I hate to think that I got a bad second starter but I'm not sure what to try next. Any one have any ideas? Thanks for your help in advance.
 
Is the replacement an OEM starter or one of the many cheap rebuilds?

Even used OEM starters are better than a new cheap rebuilt. For some reason our skis need GREAT starters.
 
If your connections are excellent and your battery is great. Then you got a second bad starter I would think.
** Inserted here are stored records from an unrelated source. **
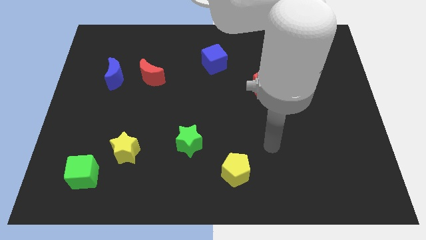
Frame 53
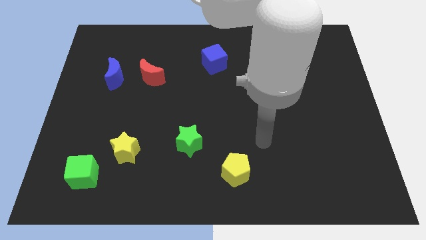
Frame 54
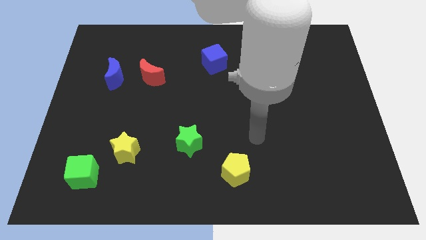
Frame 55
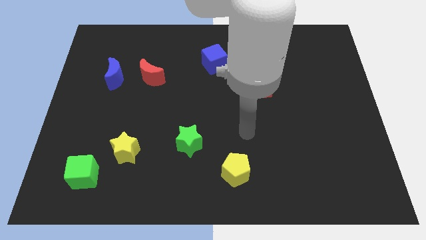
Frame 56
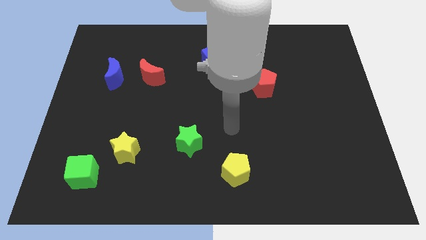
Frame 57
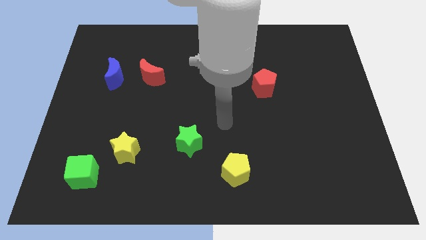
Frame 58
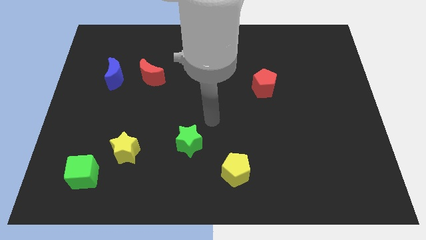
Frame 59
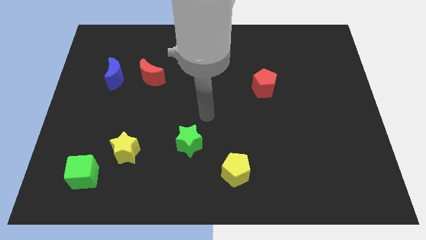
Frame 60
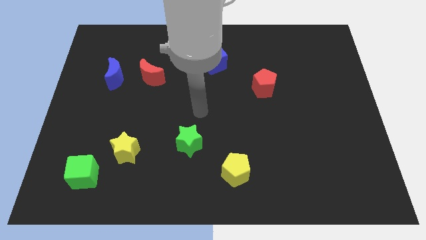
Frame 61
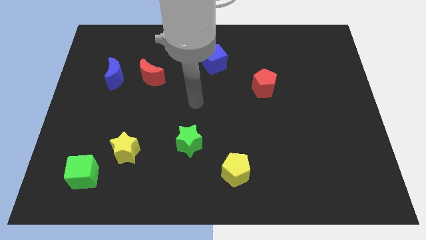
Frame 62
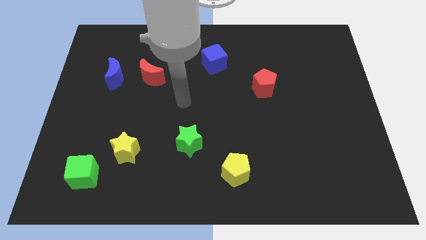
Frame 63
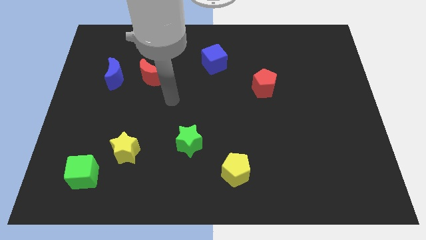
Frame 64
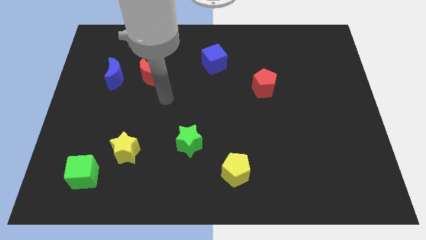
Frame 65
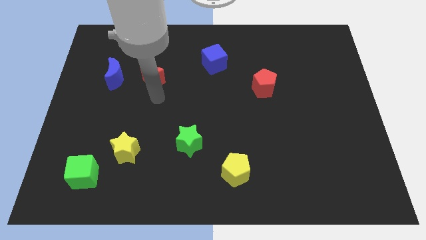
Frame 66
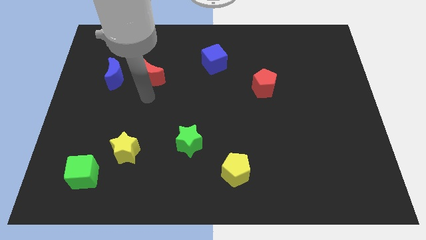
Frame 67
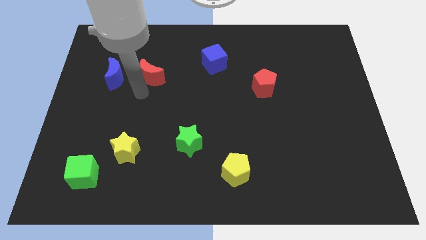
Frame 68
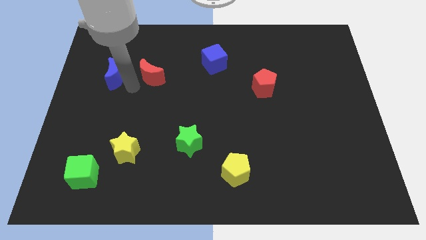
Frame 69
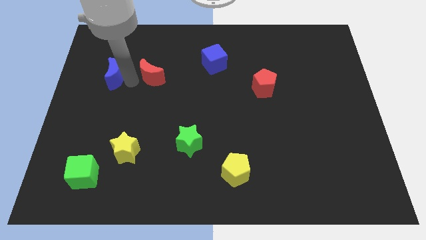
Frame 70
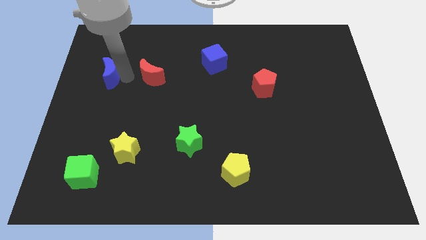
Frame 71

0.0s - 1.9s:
separate the red moon from the blue moon

Is the ground cable at the starter or did you relocate it?
 
I would take the Positive cable that goes to the starter and sand both side of the copper eyelit. Pull the starter and sand the starter casing on both sides were the two fasterners bolt the starter to the engine block, also sand up the mating surface on the engine block. While the starter is out make sure that the positive post on the starter is clean, maybe sand the top of the nut that the eylite mates with. It sounds to me like you have oxidation on the copper lead to the starter. It doesn't take much to current to spin the motor with the plugs out, but with them in thats a different story any oxidation on any of the leads will resitrict current (oxidation acts like a resistor). Might as well do the positve battery lead as well. Also make sure there is no oxidation builiding up on the 2 10mm bolts at the starter relay. Clean these leads up with sandpaper too, then hit them with some dielectric grease then get some patience and get the red caps back on the starter relay 10mm fasteners.